Powerful ‘Remember This: The Lesson of Jan Karski’ Now a Film


Anyone who has seen the stage production of the overwhelming, extraordinary one-man play, “Remember This: The Lesson of Jan Karski,” featuring David Strathairn as Jan Karski — who witnessed the Nazi treatment of Jews and other prisoners and reported back to the British and American governments — left the theater a little exhausted and heartbroken at the human condition. The work shows human nature at its worst and at its most resilient.
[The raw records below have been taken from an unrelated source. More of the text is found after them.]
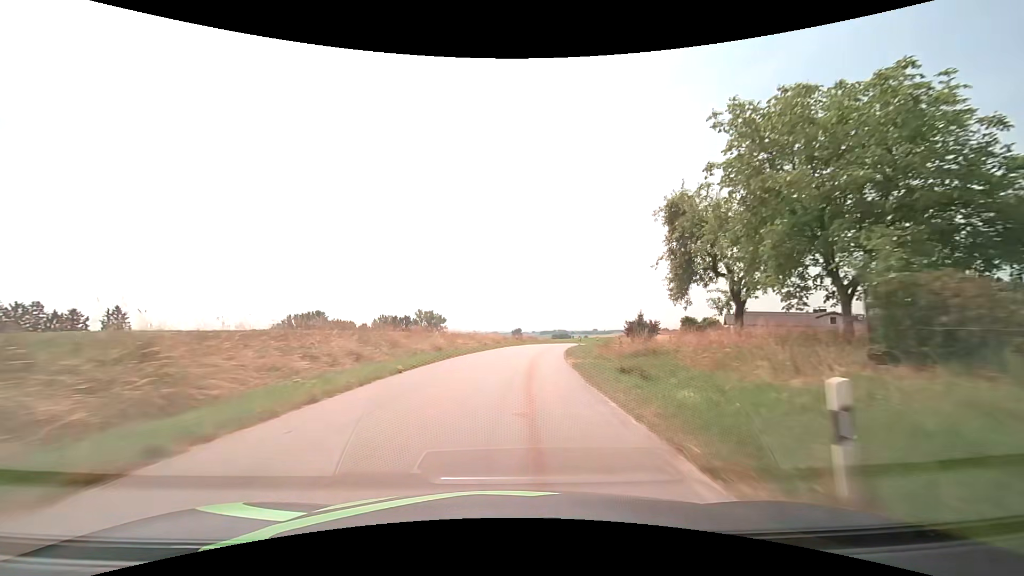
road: tertiary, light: Day
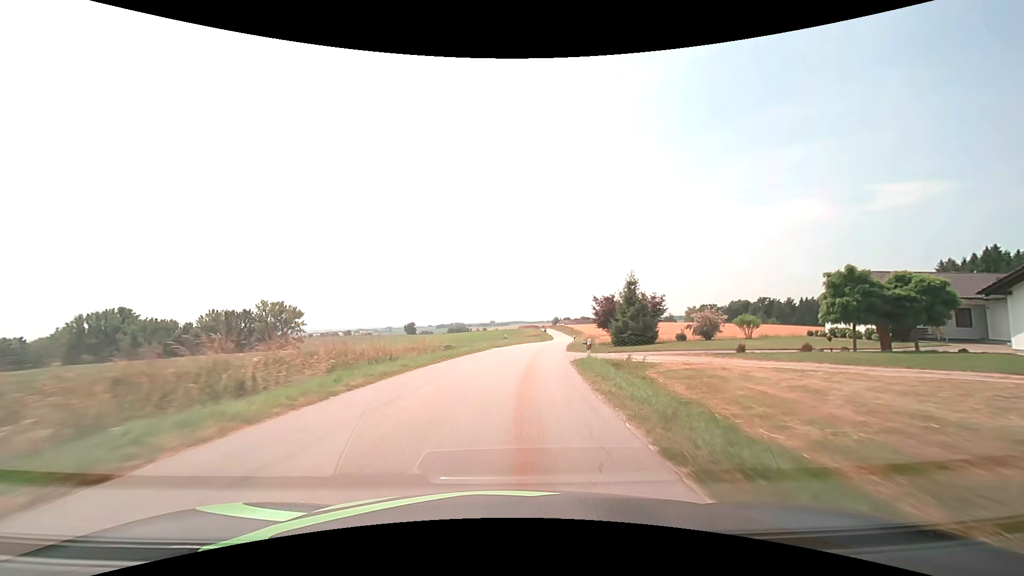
(+5.5, +54.2) m; +12°
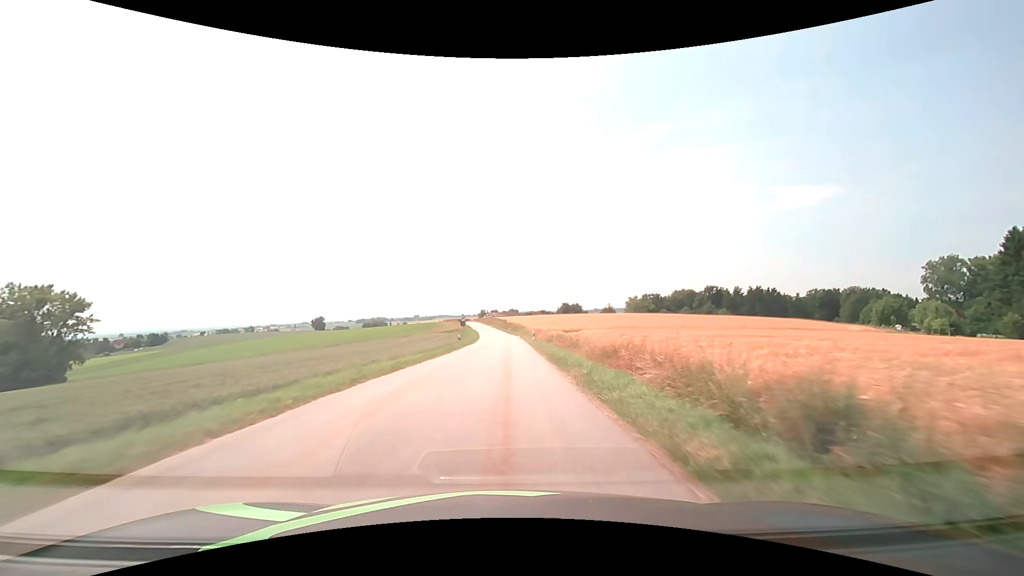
(+5.1, +54.2) m; +9°
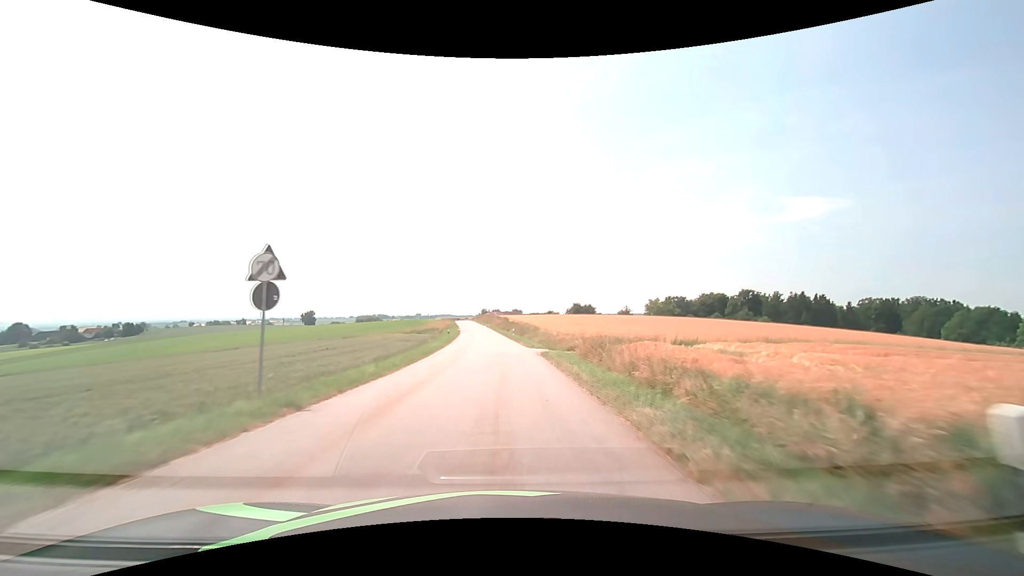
(+0.2, +43.6) m; 0°
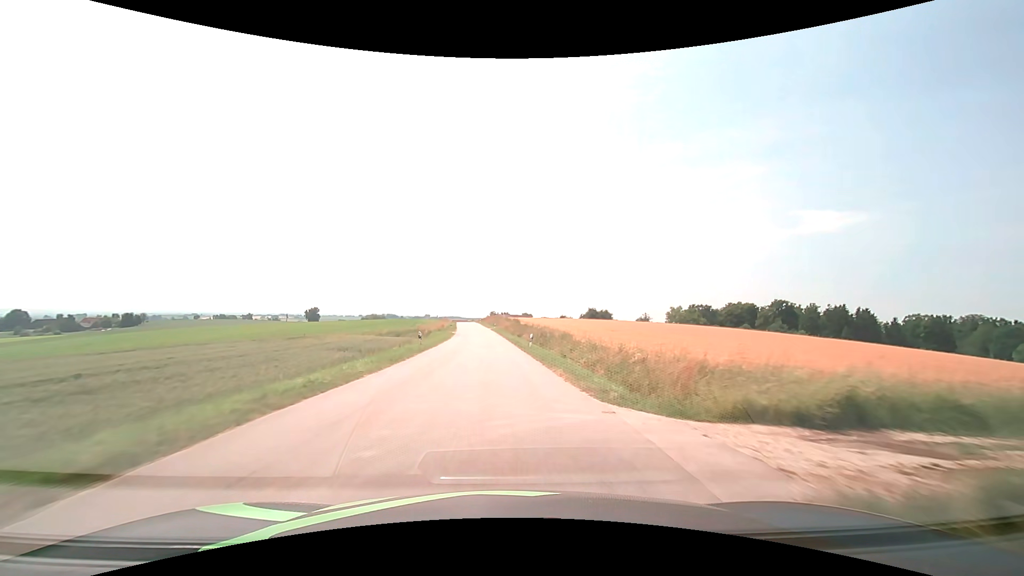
(-0.2, +21.8) m; -1°
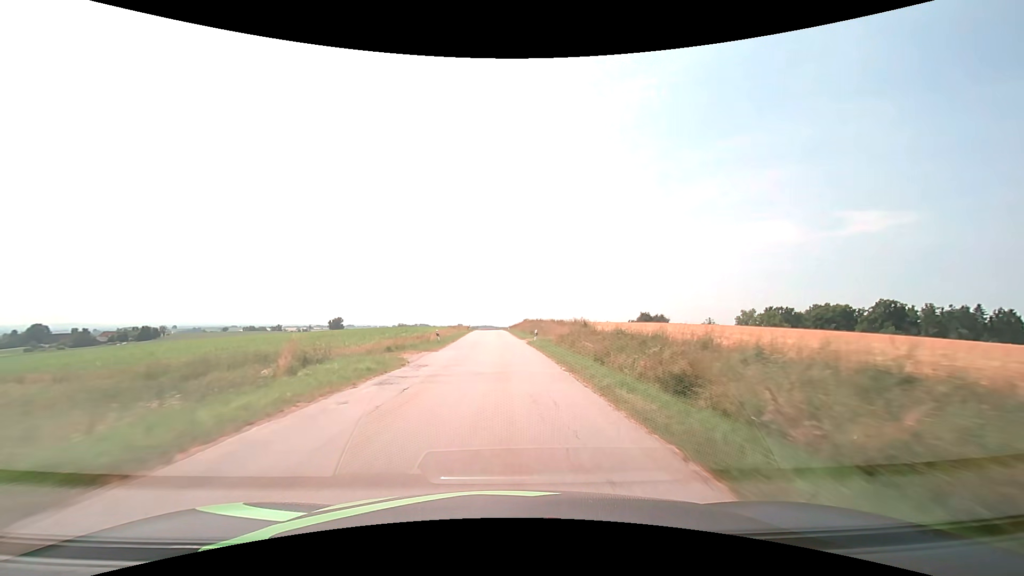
(-1.3, +44.1) m; -4°
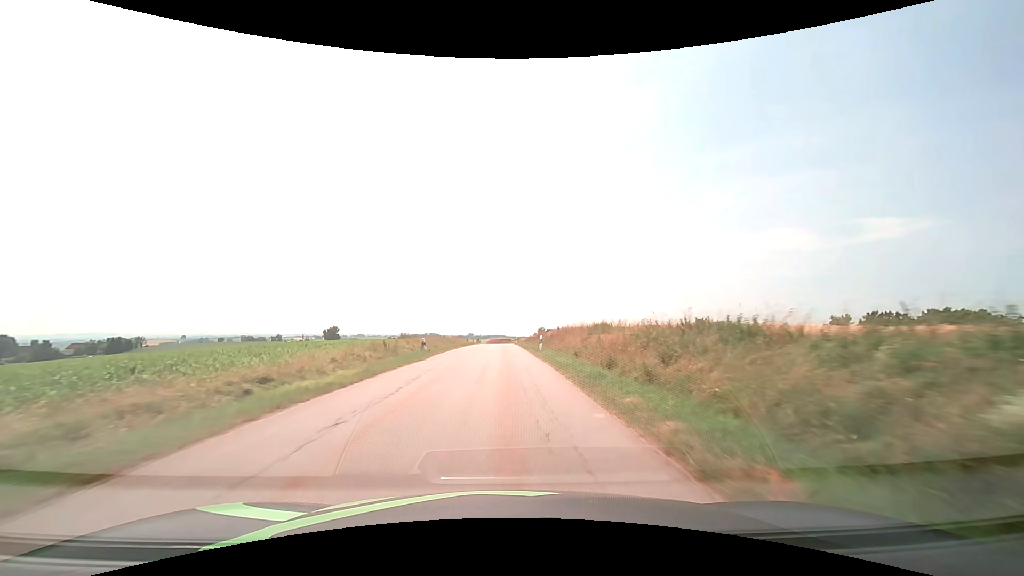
(-0.9, +56.1) m; -1°
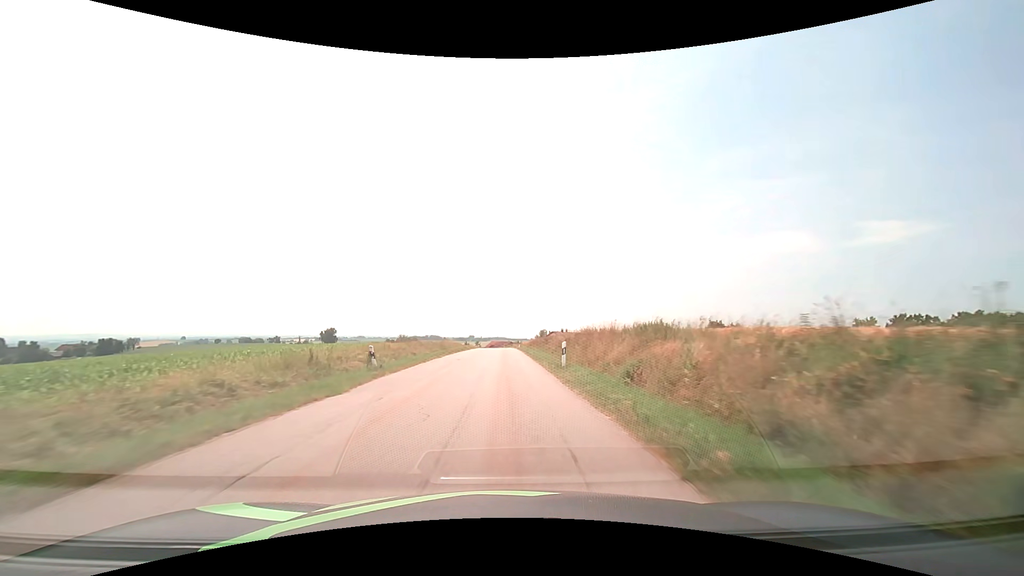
(0.0, +11.6) m; 0°
(0, +10) (0, +20) (0, +30) (0, +40) (0, +50) (0, +60) (0, +70) (0, +80) (-1, +90) (-1, +100) m

Still, one remains grateful that such man as Karski, who was a professor at Georgetown University for 40 years, walked on this earth. 
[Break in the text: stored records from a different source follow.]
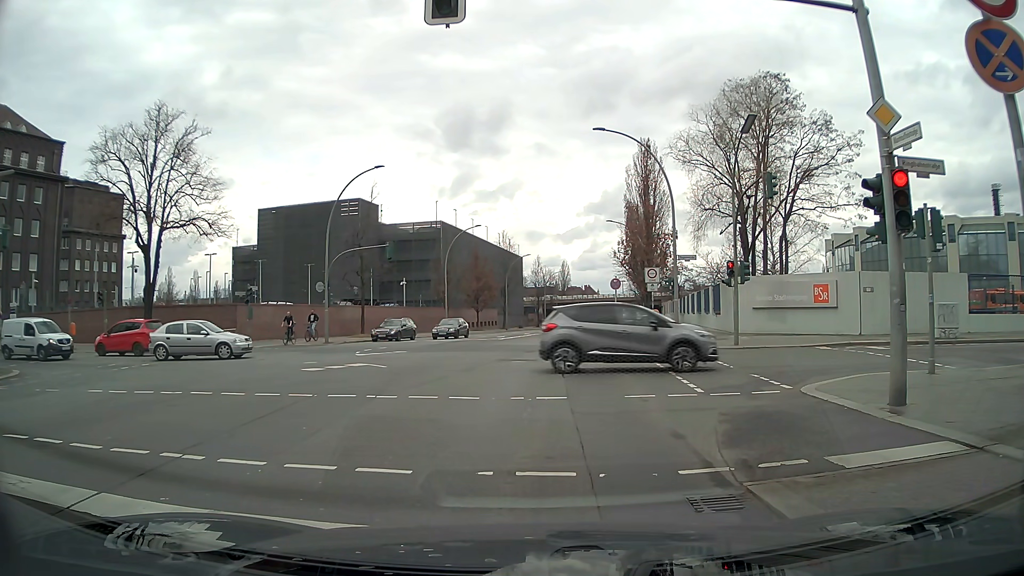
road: secondary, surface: asphalt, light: Day
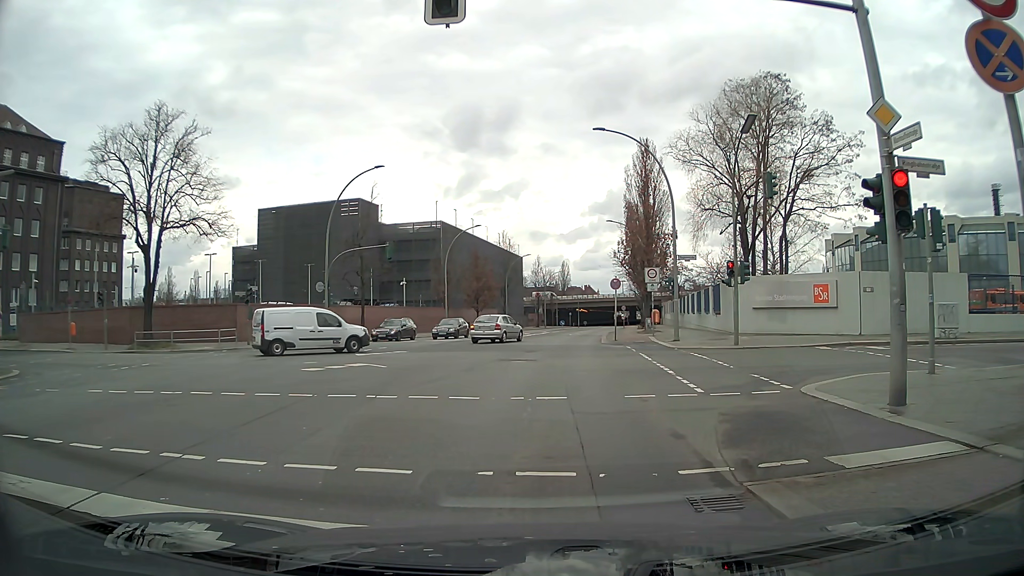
(0.0, 0.0) m; 0°
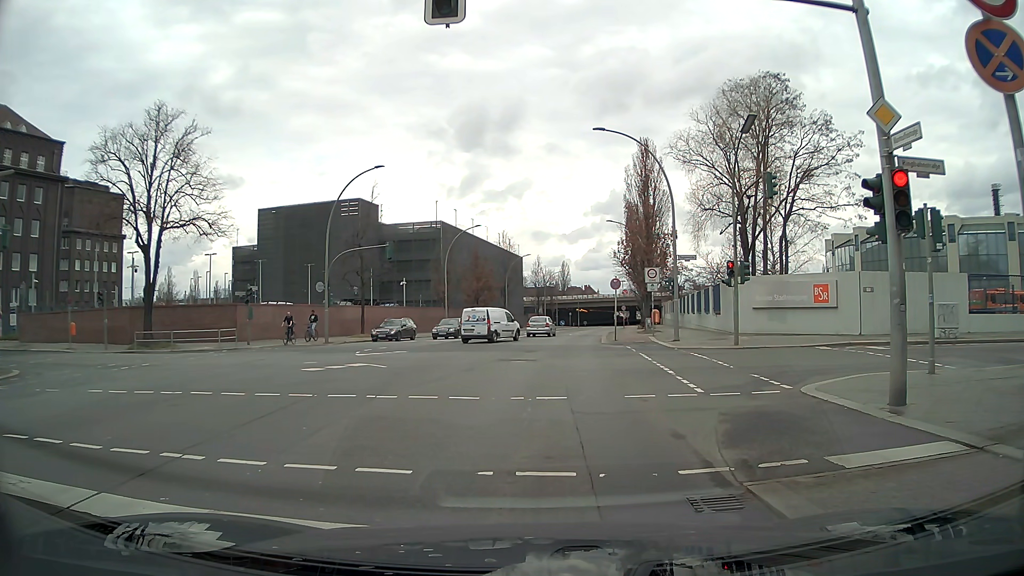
(0.0, 0.0) m; 0°
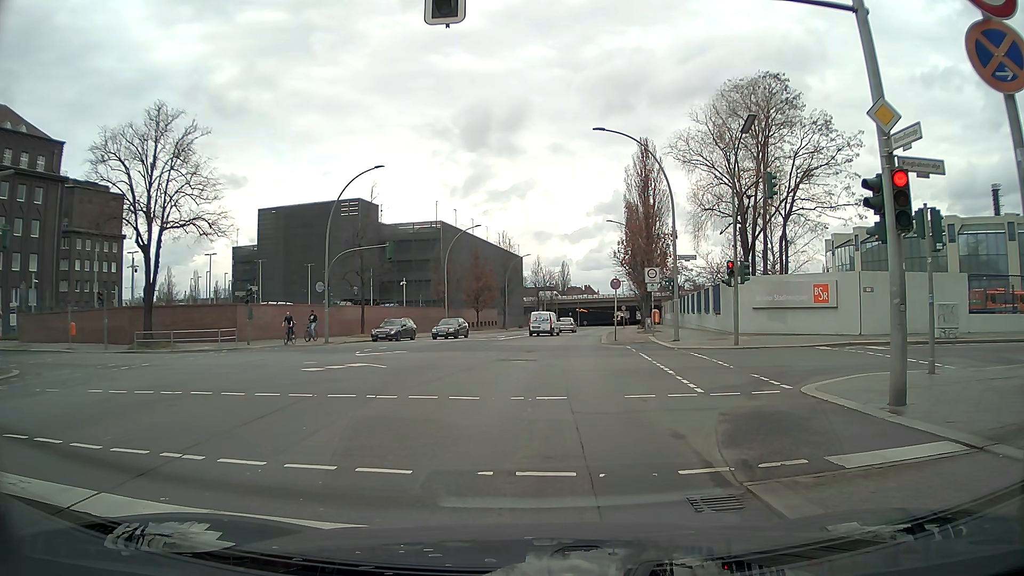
(0.0, 0.0) m; 0°
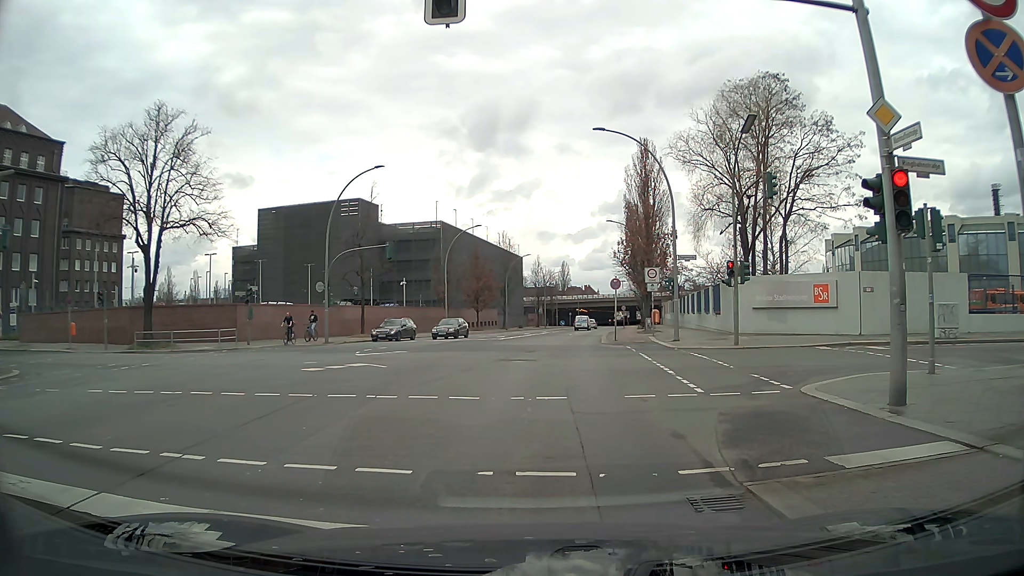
(0.0, 0.0) m; 0°
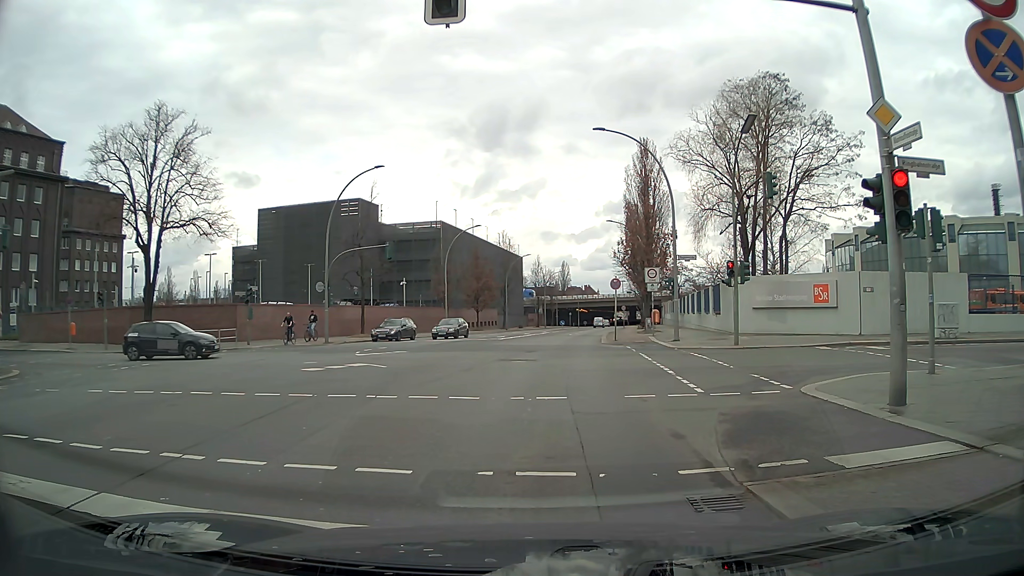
(0.0, 0.0) m; 0°
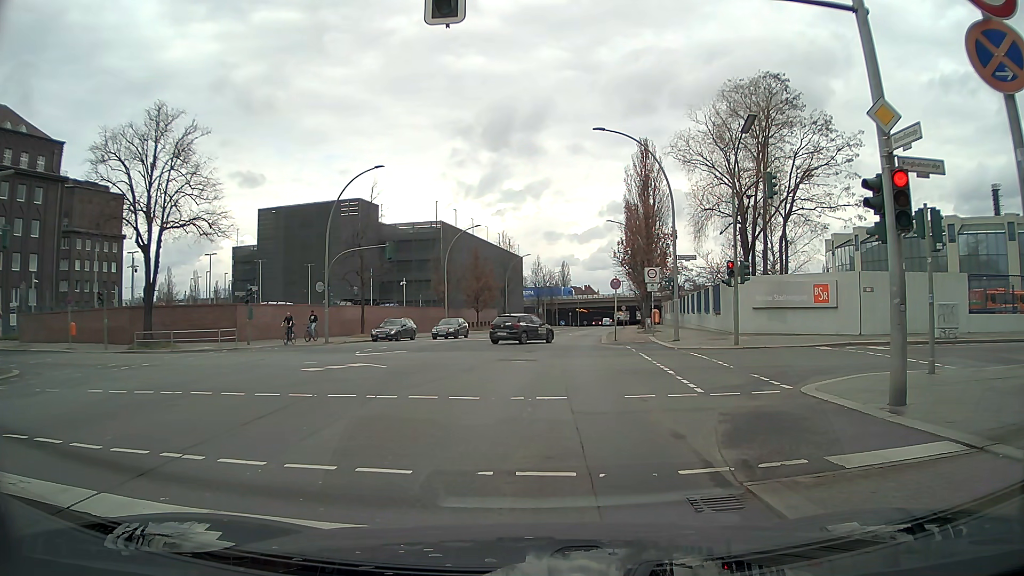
(0.0, 0.0) m; 0°
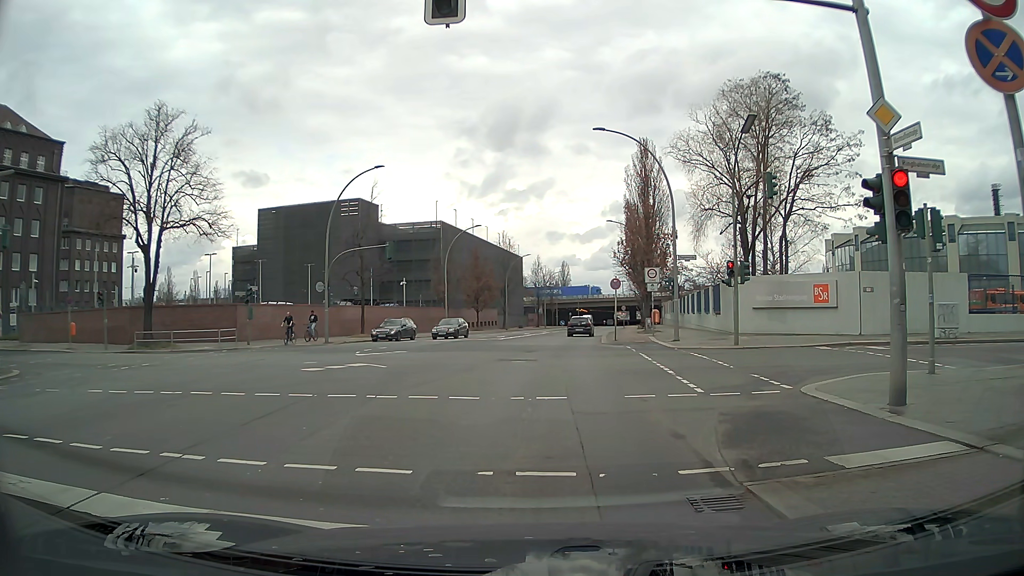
(0.0, 0.0) m; 0°

Some Karski quotes include “Governments have no soul” and “All I can say is that I saw it, and it is the truth.” His students at Georgetown can easily recall his wise words.

Awarding the Presidential Medal of Freedom posthumously in 2012 to Karski, who died in 2000, President Barack Obama said, “We must tell our children about how this evil was allowed to happen, because so many people succumbed to their darkest instincts, because so many others stood silent. But let us also tell our children about the Righteous Among the Nations, among them was Jan Karski… who told the truth, all the way to President Roosevelt himself.”

Strathairn (“Good Night, and Good Luck,” “Lincoln,” “Nomadland”) portrays Karski in this true story of a reluctant World War II hero and Holocaust witness. The play now has been made into a film — and will reach a wider audience that it so deserves. Its message about the Holocaust is timeless — and necessary.

The film will open nationwide in theaters tomorrow, Jan. 27, International Holocaust Remembrance Day. PBS will broadcast the TV premiere of the film on March 13. It is a production of Sobremesa Media.

Here are the story notes: After surviving the devastation of the Blitzkrieg, Karski swears allegiance to the Polish Underground and risks his life to carry the first eyewitness reports of war-torn Poland to the Western world and, ultimately, the Oval Office. Escaping a Gestapo prison, bearing witness to the despair of the Warsaw Ghetto and confronted by the inhumanity of a death camp, Karski endures unspeakable mental anguish and physical torture to stand tall in the halls of power and speak the truth. Strathairn captures the complexity and legacy of this self-described “insignificant, little man” whose timely story of moral courage and individual responsibility can still shake the conscience of the world.

The theatrical production of “Remember This: The Lesson of Jan Karski,” written by Clark Young and Derek Goldman and directed by Goldman, was produced by the Laboratory for Global Performance and Politics at Georgetown University.

Originally conceived as an ensemble production starring Strathairn, the play was first performed in its current form as a solo performance in November 2019 as a featured part of the Centennial Celebration Weekend of Georgetown’s School of Foreign Service, and then in London in January 2020 as part of the 75th Anniversary Commemoration of the Liberation of Auschwitz, in partnership with Human Rights Watch, after which it was invited for performances at leading theaters and festivals around the world.